Все детство я читала музыку глазами. У нас было очень много пластинок "Вокруг света", некоторые из них без конвертов, пыльные, слегка поцарапанные, но все равно матово блестящие, таинственные, как мир. Я осторожно надевала их на штырек проигрывателя, протирала пунцовой бархатной тряпкой, сделанной из старой шторы и, едва касаясь, сверху накладывала ерзающую иголку. Еле слышный, как шепот неведомых времен, шип и шелест принимались сочиться из-под иглы, будто неизвестный тропический плод надрезали, и легкий сок заструился по губам, по скатерти, по комнате. 
Эти пластинки и были загадочным плодом, в них была спрятана музыка, разноголосица невнятных наречий, то исчезающие, то набегающие звуки бытия.

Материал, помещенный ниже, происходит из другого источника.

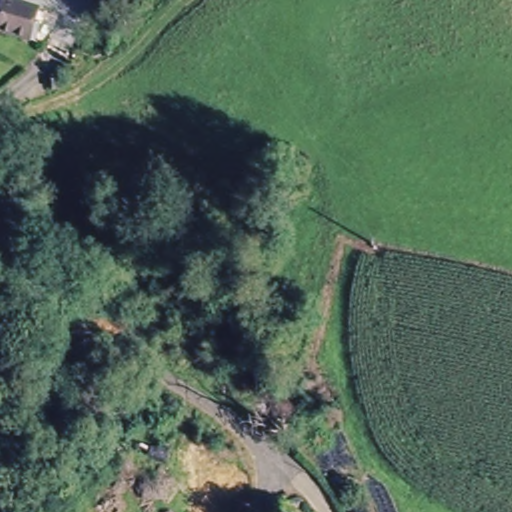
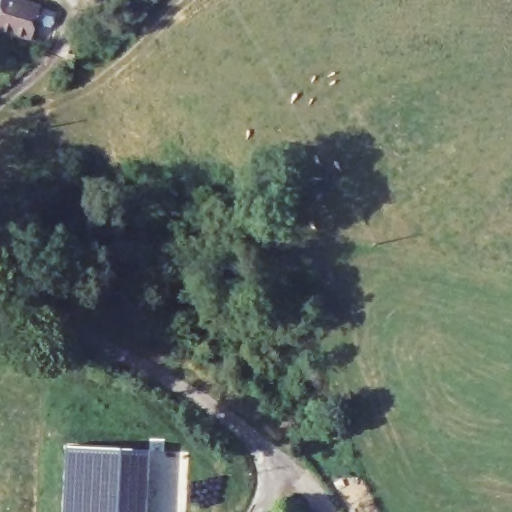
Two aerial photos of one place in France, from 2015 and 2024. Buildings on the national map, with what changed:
unchanged [(0,28),(0,3),(5,4),(7,0),(17,0),(41,3),(40,19),(46,19),(44,37),(38,35),(30,33),(4,31),(1,23),(0,28)]
new [(63,445),(148,448),(148,439),(164,439),(164,451),(181,452),(181,508),(181,512),(60,512),(63,445)]

Одни пели, будто их укачало в вагоне – кукольными, вкрадчивыми, разморенными голосками, другие неожиданно вскрикивали на лету, и это горловой взвизг был похож на залихватское коленце хитрого танцора. Но сначала – до всякой музыки, до пищанья и пыланья певцов и певиц с яркими, непривычными именами – я читала названия. Они были похожи на стихи. 
Я до сих пор помню, с каким полувздохом, вздохом, задержанным на середине от предвкушения тайны, я брала черные, приправленные пылью диски пластинок и читала середину каждой из них. Середины эти были красные и желтые, иногда голубые, тускло-лазоревые. Я сидела на комоде, опасно балансируя в вышине с грудой пластинок в руках, и перебирала бусины названий: "Ночной сторож", "Только ты", "Огни города", "Анжелика", "Я один", "Под шум дождя", "История любви", "На закате", "Однажды вечером", "Руки девушки". Иногда мне хватало одних этих слов, чтобы довообразить музыку, допеть изнутри влекущую, зачарованную неясность иной реальности – я никогда не представляла себе дождь или вечер, просто в самой недосказанности было что-то далекое и дивное, намек на иное пространство по ту сторону видимой жизни. 

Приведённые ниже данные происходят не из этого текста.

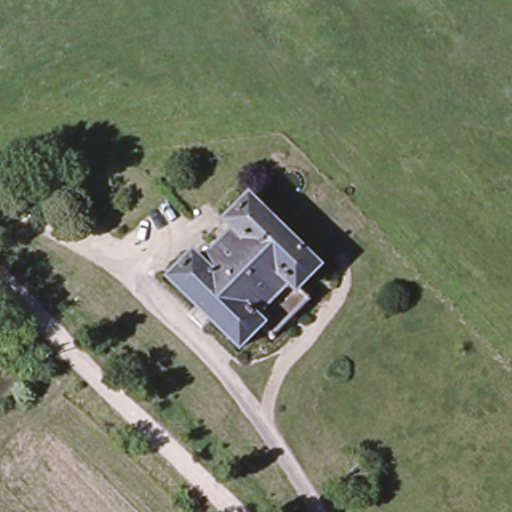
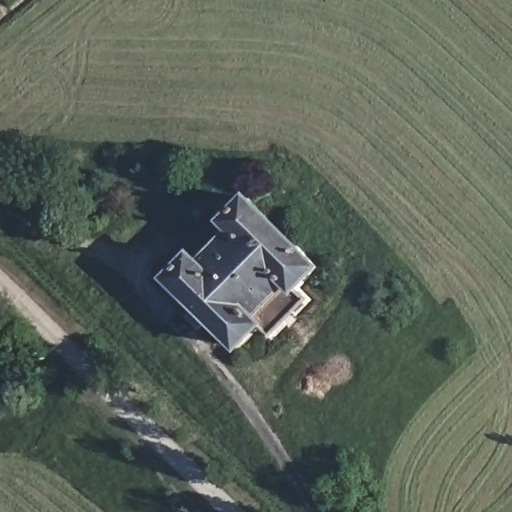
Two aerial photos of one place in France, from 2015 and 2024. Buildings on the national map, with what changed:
unchanged [(171,274),(199,244),(210,252),(234,232),(228,218),(249,196),(324,270),(240,348),(171,274)]

Это чувство, сродни стихотворной причастности к тому, что видится и вспыхивает за контуром слов, часто совершенно покидало меня, когда песня уже была на середине – мы с братом начинали крутиться под нее волчком, все быстрее и быстрее, притормаживая руками в воздухе, чтобы не улететь раньше времени. А потом голова уже еле держалась на плечах, она вращалась, и ушей становилось очень много, и все эти выросшие в полете уши впивали музыку, точнее, она затекала в раковину уха, как речная вода, и ее становилось больше и больше. В последний момент она уже выплескивалась обратно, потому что голова была переполнена мелодией. Тогда мы валились на тахту в сладком обмороке, который длился две или три секунды, а потом рассеивался, заканчивался, как очередная мелодия. Оставалось только шипение и потрескиванье. Мы лежали счастливые.  

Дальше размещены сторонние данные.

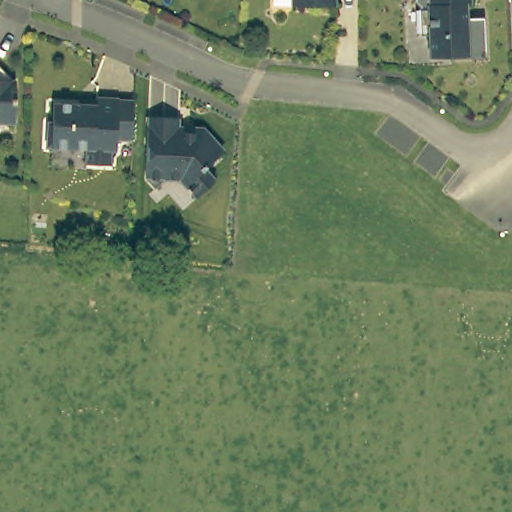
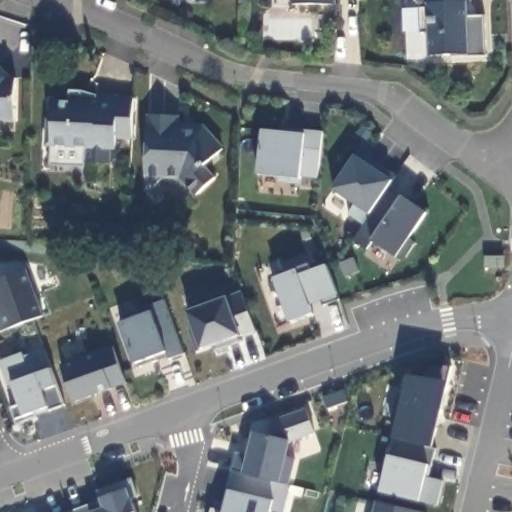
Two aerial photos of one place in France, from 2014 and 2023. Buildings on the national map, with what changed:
unchanged [(338,5),(296,3),(296,0),(338,0),(338,5)]
unchanged [(490,59),(454,59),(454,57),(432,57),(432,34),(423,35),(423,6),(417,2),(417,0),(474,0),(474,5),(470,5),(470,18),(488,17),(490,59)]
unchanged [(17,79),(20,79),(19,122),(0,122),(0,69),(4,65),(17,79)]
unchanged [(111,144),(111,159),(86,159),(86,144),(46,143),(47,117),(52,117),(52,98),(79,99),(79,94),(95,94),(95,91),(117,92),(116,144),(111,144)]
unchanged [(134,92),(132,139),(116,139),(117,92),(134,92)]
unchanged [(155,187),(145,178),(147,115),(178,116),(177,129),(194,130),(194,127),(202,127),(222,148),(205,166),(216,177),(197,195),(181,178),(165,178),(155,187)]
new [(268,130),(295,132),(295,128),(329,132),(325,178),(307,176),(307,184),(263,179),(268,130)]
new [(366,150),(402,175),(393,189),(370,224),(356,214),(362,203),(340,188),(366,150)]
new [(370,224),(393,189),(407,198),(409,195),(416,200),(418,197),(436,209),(416,238),(422,242),(413,256),(406,258),(380,240),(374,249),(360,239),(370,224)]
new [(320,315),(298,323),(287,293),(285,294),(278,278),(292,274),(288,264),(317,253),(321,263),(332,259),(337,276),(347,299),(330,305),(328,299),(316,304),(320,315)]
new [(0,333),(0,280),(27,271),(43,316),(0,333)]
new [(216,303),(214,299),(231,292),(232,297),(247,291),(262,331),(247,337),(249,340),(231,347),(229,342),(204,351),(195,329),(200,328),(194,311),(216,303)]
new [(143,368),(127,322),(147,315),(145,309),(171,299),(191,353),(175,359),(174,357),(164,361),(143,368)]
new [(119,347),(132,383),(81,402),(67,365),(119,347)]
new [(57,386),(64,406),(17,424),(12,408),(20,404),(12,384),(8,386),(0,365),(0,362),(22,353),(24,356),(44,350),(52,369),(57,386)]
new [(390,456),(393,438),(400,416),(394,415),(400,396),(403,395),(408,374),(423,377),(426,369),(440,366),(451,368),(450,381),(431,447),(428,466),(427,476),(443,482),(438,506),(421,501),(380,492),(390,456)]
new [(242,452),(256,455),(261,433),(276,436),(280,422),(312,410),(321,432),(296,441),(292,457),(302,459),(295,485),(286,483),(237,472),(242,452)]
new [(436,466),(439,467),(436,478),(432,477),(436,466)]
new [(231,501),(237,472),(286,483),(284,492),(295,495),(291,512),(282,512),(278,511),(278,512),(231,512),(233,501),(231,501)]
new [(101,511),(110,508),(104,492),(137,480),(143,497),(137,499),(142,512),(76,512),(99,504),(101,511)]
new [(419,512),(374,512),(377,501),(419,512)]
new [(231,512),(218,512),(219,509),(231,512)]

Была только одна заповедная песня, под которую я никогда не кружилась волчком и вообще предпочитала слушать в одиночестве. Она-то и называлась "Руки девушки". Я сидела возле проигрывателя, пластинка крутилась, она была маленькая, единственная маленькая пластинка "Вокруг света" на сто больших и тяжелых. Далекая женщина влажным и замедленным голосом выпевала странные слова, размытые, как те самые огни города, про которые была оркестровая мелодия на другой пластинке. Я слушала ее по вечерам, когда в большом балконном окне сквозь искажающее мир зеркало стекла вздрагивали и мерцали чужие окна.
Эти окна томили меня едва ли не сильнее, чем песня. Я видела - или мне хотелось видеть - над крышами домов белый приморский парапет набережной; и какая могла быть там набережная, если я смотрела на московский двор и дальше – на улицы за Садовым Кольцом? Но она там была. Я уже знала, что море окружено такими вот белоснежными заборчиками, знала по Анапе, куда мы с бабушкой ездили несколько лет назад. Вместе со мной набережная Черного моря переехала в Москву. Бабушка мне говорила тогда, в Анапе, что в ясные безветренные ночи на другом берегу можно было увидеть огни Турции. Я понятия не имела, что такое Турция, но это было неважно, потому что Турция и была этой далекой, недостижимой страной, где по ночам через все огромное море мерцают прекрасные огни.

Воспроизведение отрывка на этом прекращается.